Lazar Ličenoski (Macedonian: Лазар Личеноски; 26 March 1901 in Galicnik – 10 April 1964 in Skopje) was one of the first Macedonian expressionist painters and one of the most authentic painters of landscape, in which he imported folk elements as well. He painted still nature, portraits and mosaics.

==Education and career==
Ličenoski graduated in 1927 from an art school in Belgrade, where he had studied under Milan Milovanović (1876–1946), Ljubomir Ivanovic (1882–1945) and Petar Dobrovic (1890–1942). Upon graduation, he organized his first exhibition in Skopje and specialized in wall painting at the School of Applied Arts in Paris.

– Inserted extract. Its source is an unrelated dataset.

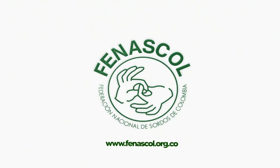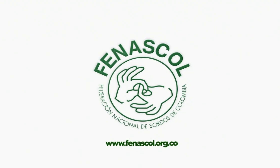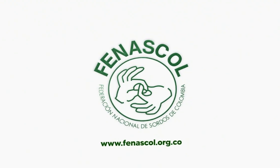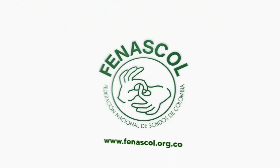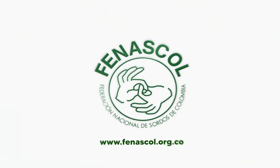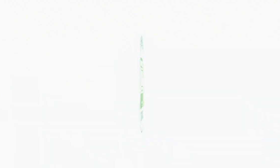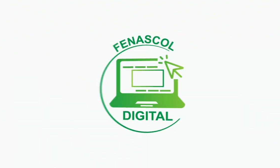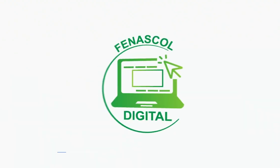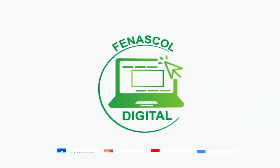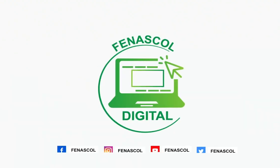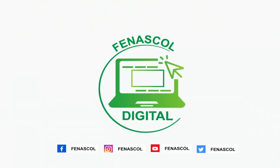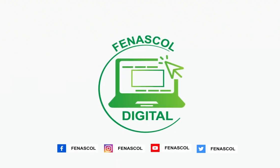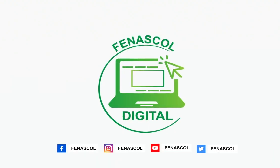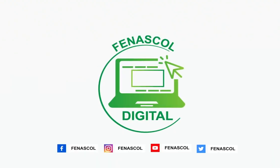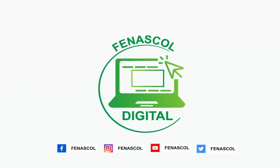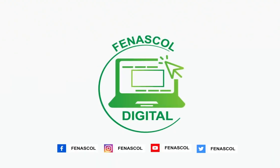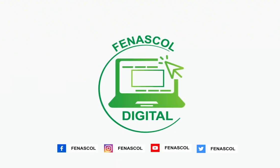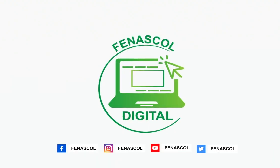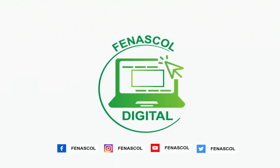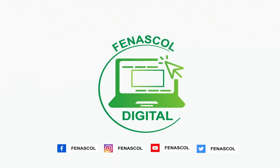¡Gracias! Gracias ver el video.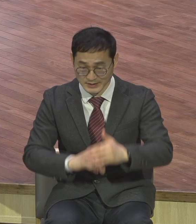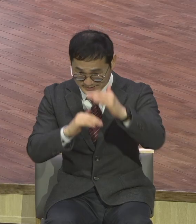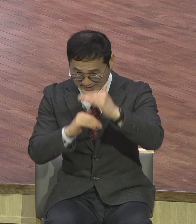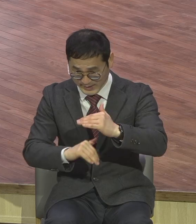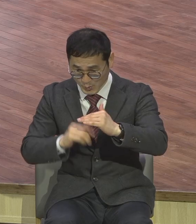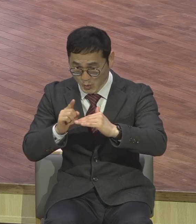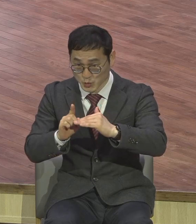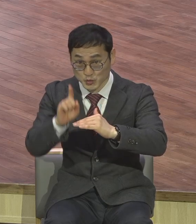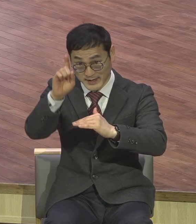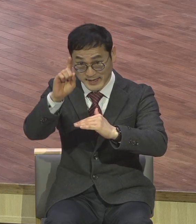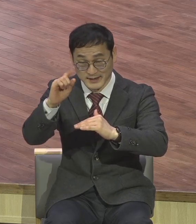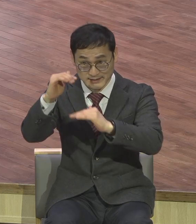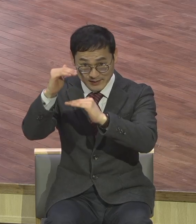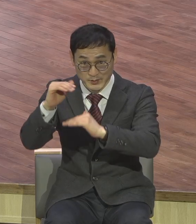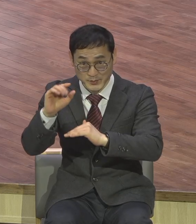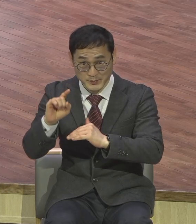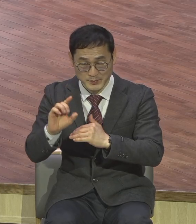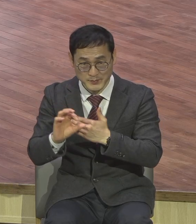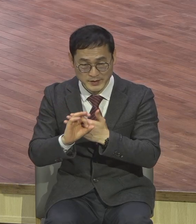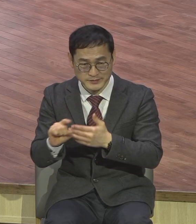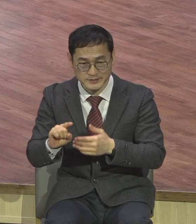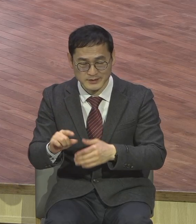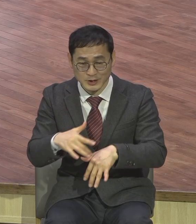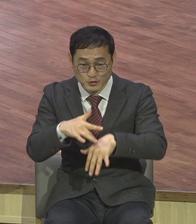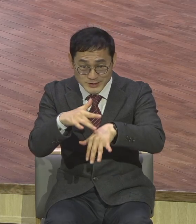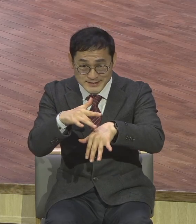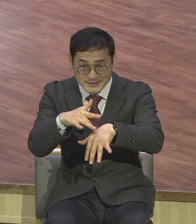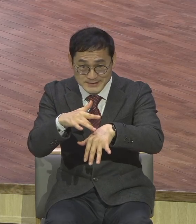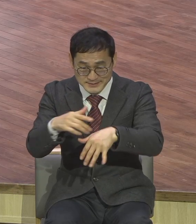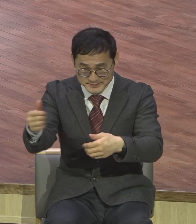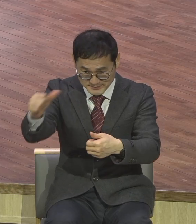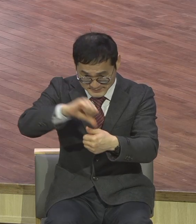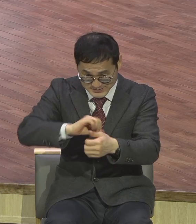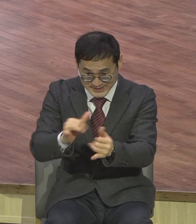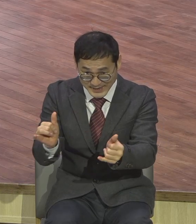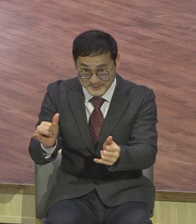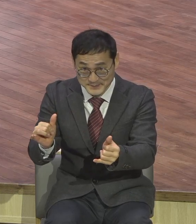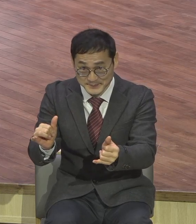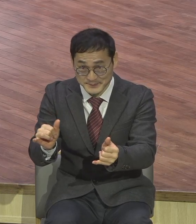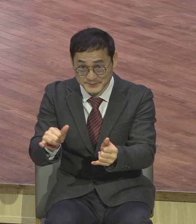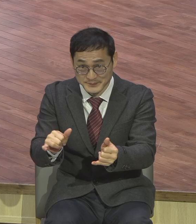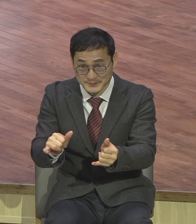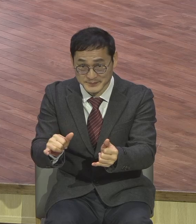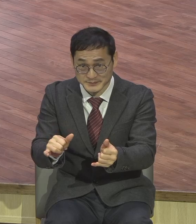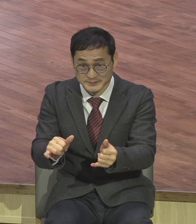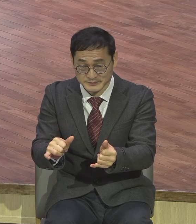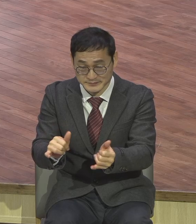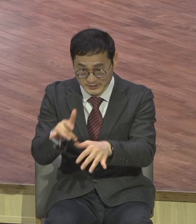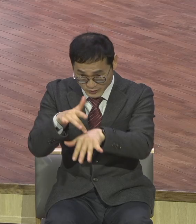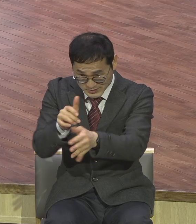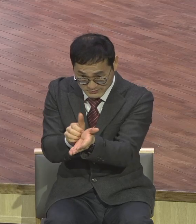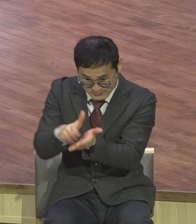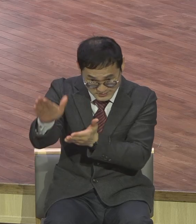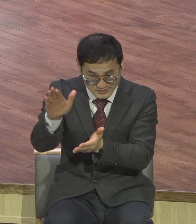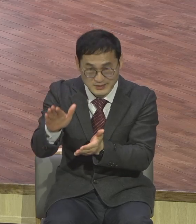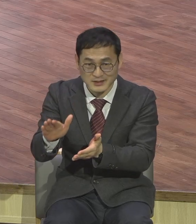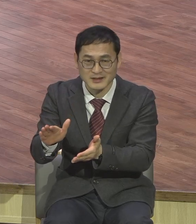귀신 돌린 자를 치유해 주시는 이적을 행하는 그런 장면이 있어요 많은 사람들이

There he attended the École nationale supérieure d'arts et métiers (1927–29) and frequented the studio of Andre Lhote. In 1929 he returned to Belgrade and became a member of the group Oblik. In the 1930s he gradually abandoned portraiture and social issues as subject-matter in favour of painting the Macedonian landscape, which he rendered with somewhat crude brushwork and thick layers of intense colour. During that decade he decorated ecclesiastical and other buildings and worked on the monument Albanian Golgotha (1940) for the Serbian soldiers' cemetery on the island of Vido (Greece). He moved to Skopje in 1945 and became a professor at the newly established School of Applied Arts. Licenoski exhibited at several one-man and group shows at home and abroad.

==Painting style==
His style had developed in the context of the Ecole de Paris, which contrasted with the narrative models he had inherited from the Post-Byzantine tradition. In his mature work he introduced the idiom of Expressionism into modern Macedonian art. From 1928 up to 1941, his art featured full color expressionism with a high presence of Macedonian motives on his canvases. He was also able to express himself perfectly well through fresco paintings and mosaics.

==Accomplishments==
He founded the Office of Cultural and Historic Monuments, an art gallery and an art school where he taught until his death. He was a member of the Association of the Painting Artists of Macedonia (DLUM) and its first President, serving for one term.